Unexpectedly, Promalactis odaiensis was observed having high intraspecific variability in COI, albeit under a single MOTU. In the haplotype results, 14 populations were categorized into 5 regions in Korea with the genetic divergence ranged from 0.00 to 3.07%. Given that the P. odaiensis is endemic to eastern Asian area42,44, the species may show higher genetic diversity in the COI gene. We could suggest that cryptic species should be determined through an integrative analysis comparing the morphology and MOTUs estimation, when the intraspecific maximum genetic divergence exceeds 2.5% in the Gelechioidea.

Our study revealed also cases of mitonuclear discordance, i.e. contradiction between morphology and DNA barcoding. One such group, Autosticha opaca and A. modicella, showed low intra-genetic divergence and a single MOTU between species in all methods, while being distinguished from each other by morphology. In the taxonomic revision of the group45, A. opaca could not be distinguished from A. modicella by external appearance alone, but only by a very small difference in the genitalia. We could verify this as we observed differences in length and width of ostium bursae and ductus bursae between the two morphospecies (Figs. 7a, 12).
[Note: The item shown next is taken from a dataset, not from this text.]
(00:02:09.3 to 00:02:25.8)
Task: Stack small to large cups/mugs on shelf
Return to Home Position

Another group of potential cryptic diversity is Chorivalva complex of species. Chorivalva is a small and a little-known genus of Gelechiidae that is widely distributed in the East Palearctic region. Only three species, distinguished by genital characters, have been recorded41. Applying the available taxonomic key, specimens Chorivalva were divided into four morphospecies, Chorivalva unisaccula, C. grandialata, C. sp2 and C. sp3. (Figs. 7b, 37). However, the three delimitation methods, ABGD, PTP and bPTP, all assigned all of them within a single MOTU with low overall divergence. The mitonuclear discordance observed in Chorivalva and Autosticha could have resulted from incomplete lineage sorting of ancestral mitochondrial DNA polymorphisms, introgression of mitochondrial DNA, possibly mediated by Wolbachia infection46. Alternatively, the detected differences represent intraspecific variability. Multiple molecular markers, including nuclear ones, and more comprehensive sampling will likely be required to resolve this incongruence between morphology and DNA barcoding.
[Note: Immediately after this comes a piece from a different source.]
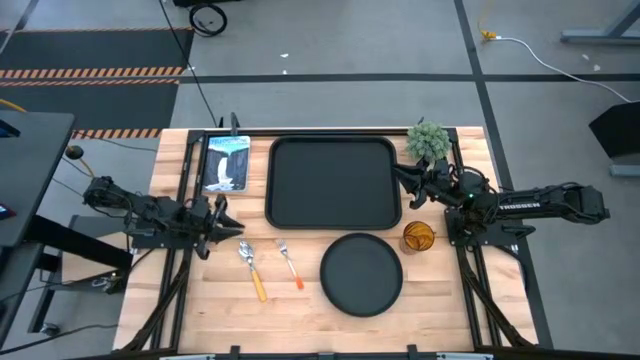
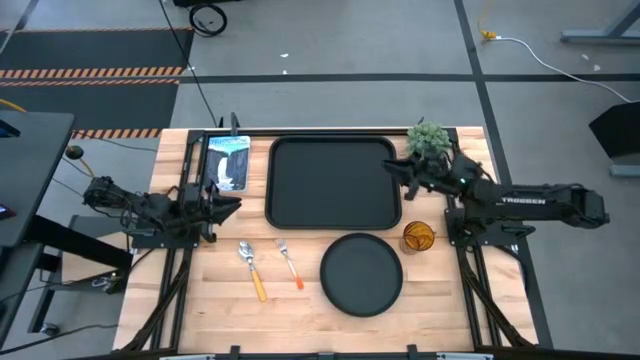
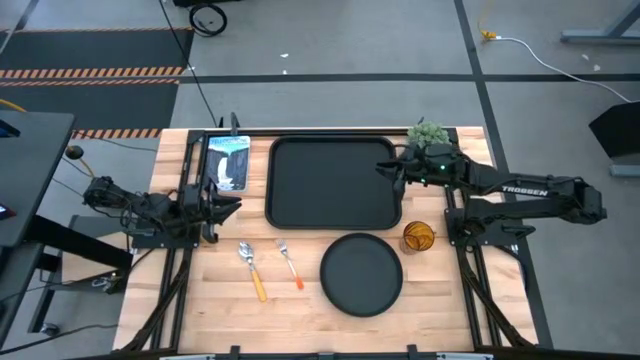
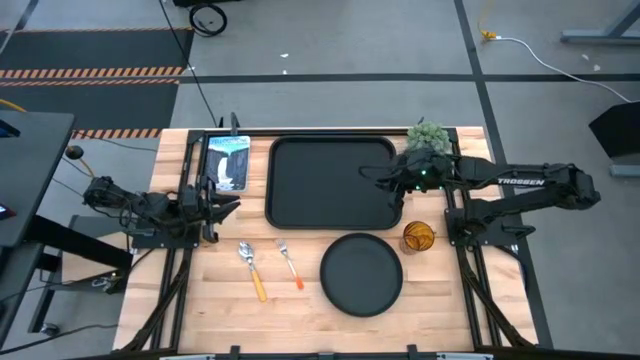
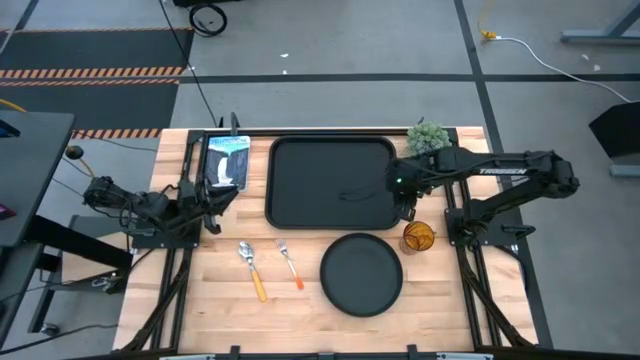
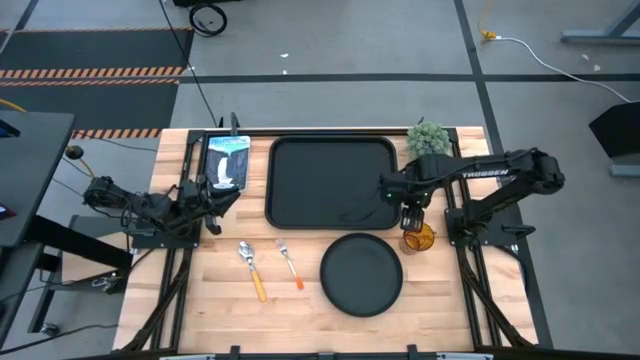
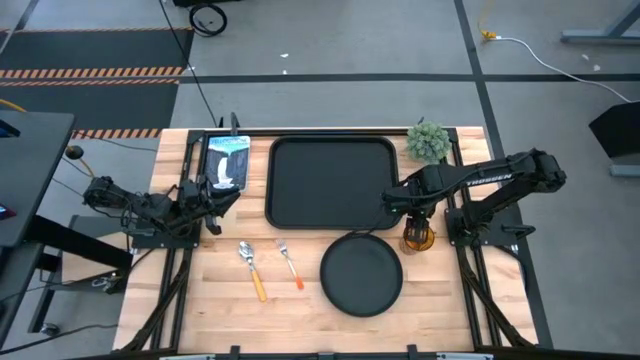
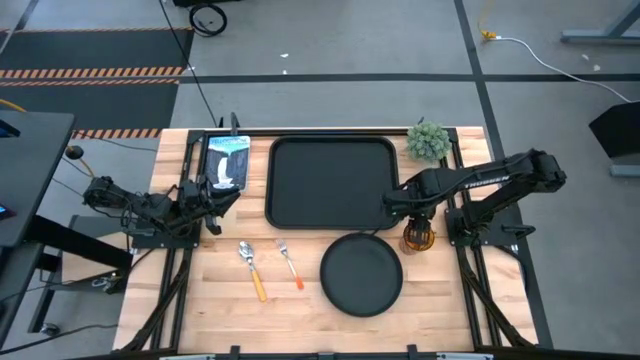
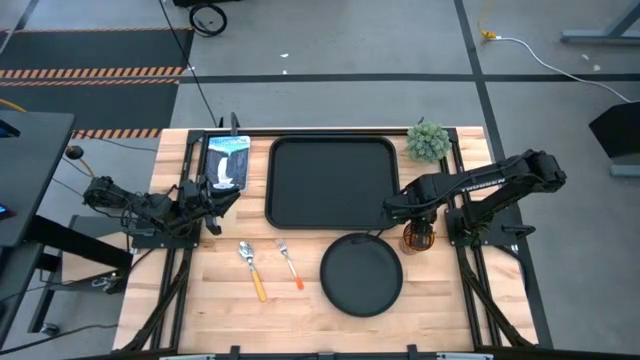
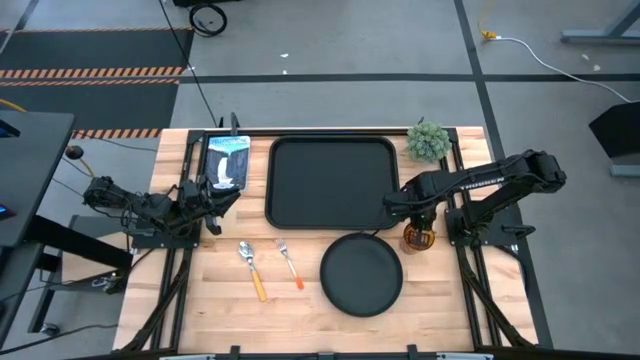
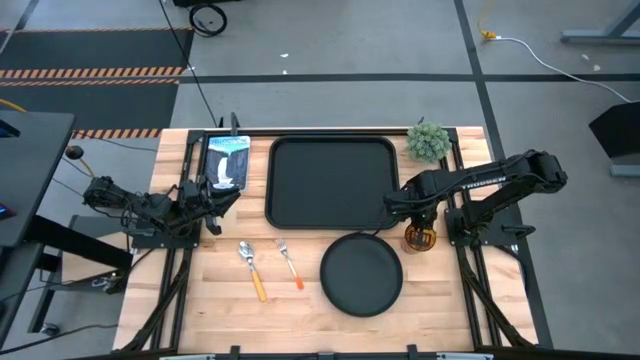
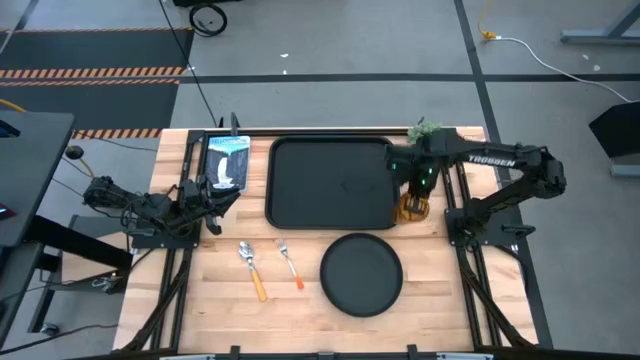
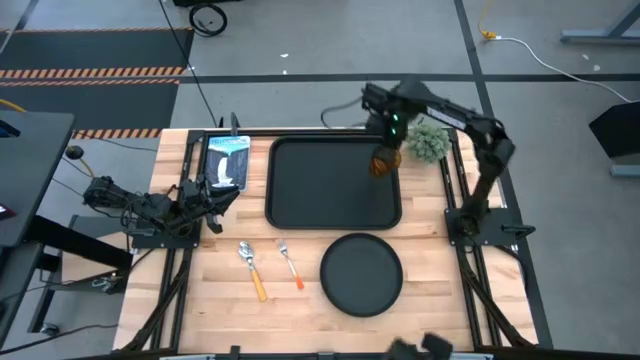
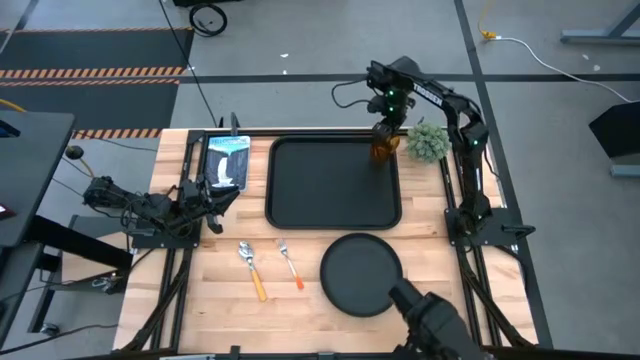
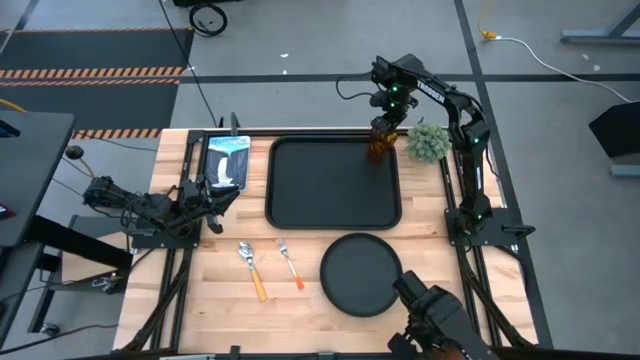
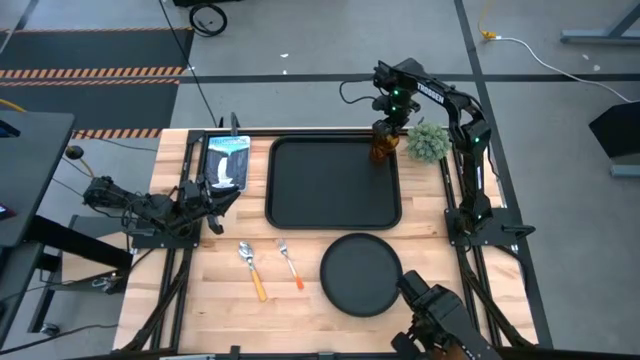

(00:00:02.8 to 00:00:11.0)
Task: Pick and place plate/cup/fork/spoon on tray
Put the brown glass on the black serving tray

Some genera of Gelechioidea (e.g. Parastenolechia, Parachronistis) appear paraphyletic in our trees. Traditionally, the generic classifications of these genera have been inferred based on their morphological similarity, without any rigorous phylogenetic analyses. Our results suggest that many taxonomic discrepancies at species and genus levels should to be re-assessed. It is likely that adoption of multiple genetic markers would likely reveal inconsistencies both in species delimitations and generic classifications.

In conclusion, with this study we demonstrated the usefulness of COI barcode data in efficient species identification in Gelechioidea. Moreover, a functional threshold for tentative species determination within the superfamily was proposed. We demonstrated that DNA barcoding provides an efficient way to detect morphologically cryptic species. Comprehensive DNA barcode reference libraries would also facilitate accurate identification of immature stages of pests, which are many in Gelechioidea.

Accession Codes: From MK210635 to MK211143 for COI sequences.